Collected data:
....

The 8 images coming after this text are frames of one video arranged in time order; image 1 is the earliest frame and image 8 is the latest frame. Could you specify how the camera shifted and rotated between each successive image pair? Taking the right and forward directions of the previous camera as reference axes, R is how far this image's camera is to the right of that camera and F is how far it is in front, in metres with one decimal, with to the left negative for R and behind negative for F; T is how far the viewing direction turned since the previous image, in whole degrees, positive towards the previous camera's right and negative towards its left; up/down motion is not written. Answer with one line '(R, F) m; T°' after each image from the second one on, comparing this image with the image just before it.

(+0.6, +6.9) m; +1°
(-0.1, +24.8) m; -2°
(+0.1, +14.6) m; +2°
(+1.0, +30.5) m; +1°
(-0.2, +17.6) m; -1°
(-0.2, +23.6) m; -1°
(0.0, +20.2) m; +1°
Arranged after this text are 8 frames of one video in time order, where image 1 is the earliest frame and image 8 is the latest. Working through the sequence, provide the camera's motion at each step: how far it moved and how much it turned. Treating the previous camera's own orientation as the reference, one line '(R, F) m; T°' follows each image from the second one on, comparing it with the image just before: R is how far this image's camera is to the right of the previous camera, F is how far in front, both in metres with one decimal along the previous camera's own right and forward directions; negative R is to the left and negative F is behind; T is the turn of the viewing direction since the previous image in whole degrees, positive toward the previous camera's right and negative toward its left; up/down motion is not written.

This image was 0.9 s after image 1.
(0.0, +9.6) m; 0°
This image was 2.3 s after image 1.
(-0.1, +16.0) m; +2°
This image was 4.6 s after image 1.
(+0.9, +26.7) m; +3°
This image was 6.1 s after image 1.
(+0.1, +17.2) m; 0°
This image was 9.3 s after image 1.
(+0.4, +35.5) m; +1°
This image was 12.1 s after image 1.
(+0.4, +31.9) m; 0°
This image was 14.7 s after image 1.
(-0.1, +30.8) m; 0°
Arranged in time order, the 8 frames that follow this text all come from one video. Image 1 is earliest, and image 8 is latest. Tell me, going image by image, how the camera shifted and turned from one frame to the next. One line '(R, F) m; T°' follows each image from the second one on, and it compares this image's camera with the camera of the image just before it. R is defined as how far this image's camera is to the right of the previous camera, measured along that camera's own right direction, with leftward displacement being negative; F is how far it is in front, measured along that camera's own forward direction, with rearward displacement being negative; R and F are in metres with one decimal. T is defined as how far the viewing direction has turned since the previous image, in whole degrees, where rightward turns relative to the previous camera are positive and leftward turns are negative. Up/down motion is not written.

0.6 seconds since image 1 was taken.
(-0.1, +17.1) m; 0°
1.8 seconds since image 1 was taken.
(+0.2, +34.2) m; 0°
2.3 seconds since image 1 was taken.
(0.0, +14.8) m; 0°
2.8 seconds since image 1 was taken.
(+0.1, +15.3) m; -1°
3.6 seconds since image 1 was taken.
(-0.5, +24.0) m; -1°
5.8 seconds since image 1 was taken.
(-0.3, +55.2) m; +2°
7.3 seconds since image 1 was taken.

....

◆ Exercise goal
Could you set down each entry above word for word?

◆ Response box
The 8 images coming after this text are frames of one video arranged in time order; image 1 is the earliest frame and image 8 is the latest frame. Could you specify how the camera shifted and rotated between each successive image pair? Taking the right and forward directions of the previous camera as reference axes, R is how far this image's camera is to the right of that camera and F is how far it is in front, in metres with one decimal, with to the left negative for R and behind negative for F; T is how far the viewing direction turned since the previous image, in whole degrees, positive towards the previous camera's right and negative towards its left; up/down motion is not written. Answer with one line '(R, F) m; T°' after each image from the second one on, comparing this image with the image just before it.

(+0.6, +6.9) m; +1°
(-0.1, +24.8) m; -2°
(+0.1, +14.6) m; +2°
(+1.0, +30.5) m; +1°
(-0.2, +17.6) m; -1°
(-0.2, +23.6) m; -1°
(0.0, +20.2) m; +1°
Arranged after this text are 8 frames of one video in time order, where image 1 is the earliest frame and image 8 is the latest. Working through the sequence, provide the camera's motion at each step: how far it moved and how much it turned. Treating the previous camera's own orientation as the reference, one line '(R, F) m; T°' follows each image from the second one on, comparing it with the image just before: R is how far this image's camera is to the right of the previous camera, F is how far in front, both in metres with one decimal along the previous camera's own right and forward directions; negative R is to the left and negative F is behind; T is the turn of the viewing direction since the previous image in whole degrees, positive toward the previous camera's right and negative toward its left; up/down motion is not written.

This image was 0.9 s after image 1.
(0.0, +9.6) m; 0°
This image was 2.3 s after image 1.
(-0.1, +16.0) m; +2°
This image was 4.6 s after image 1.
(+0.9, +26.7) m; +3°
This image was 6.1 s after image 1.
(+0.1, +17.2) m; 0°
This image was 9.3 s after image 1.
(+0.4, +35.5) m; +1°
This image was 12.1 s after image 1.
(+0.4, +31.9) m; 0°
This image was 14.7 s after image 1.
(-0.1, +30.8) m; 0°
Arranged in time order, the 8 frames that follow this text all come from one video. Image 1 is earliest, and image 8 is latest. Tell me, going image by image, how the camera shifted and turned from one frame to the next. One line '(R, F) m; T°' follows each image from the second one on, and it compares this image's camera with the camera of the image just before it. R is defined as how far this image's camera is to the right of the previous camera, measured along that camera's own right direction, with leftward displacement being negative; F is how far it is in front, measured along that camera's own forward direction, with rearward displacement being negative; R and F are in metres with one decimal. T is defined as how far the viewing direction has turned since the previous image, in whole degrees, where rightward turns relative to the previous camera are positive and leftward turns are negative. Up/down motion is not written.

0.6 seconds since image 1 was taken.
(-0.1, +17.1) m; 0°
1.8 seconds since image 1 was taken.
(+0.2, +34.2) m; 0°
2.3 seconds since image 1 was taken.
(0.0, +14.8) m; 0°
2.8 seconds since image 1 was taken.
(+0.1, +15.3) m; -1°
3.6 seconds since image 1 was taken.
(-0.5, +24.0) m; -1°
5.8 seconds since image 1 was taken.
(-0.3, +55.2) m; +2°
7.3 seconds since image 1 was taken.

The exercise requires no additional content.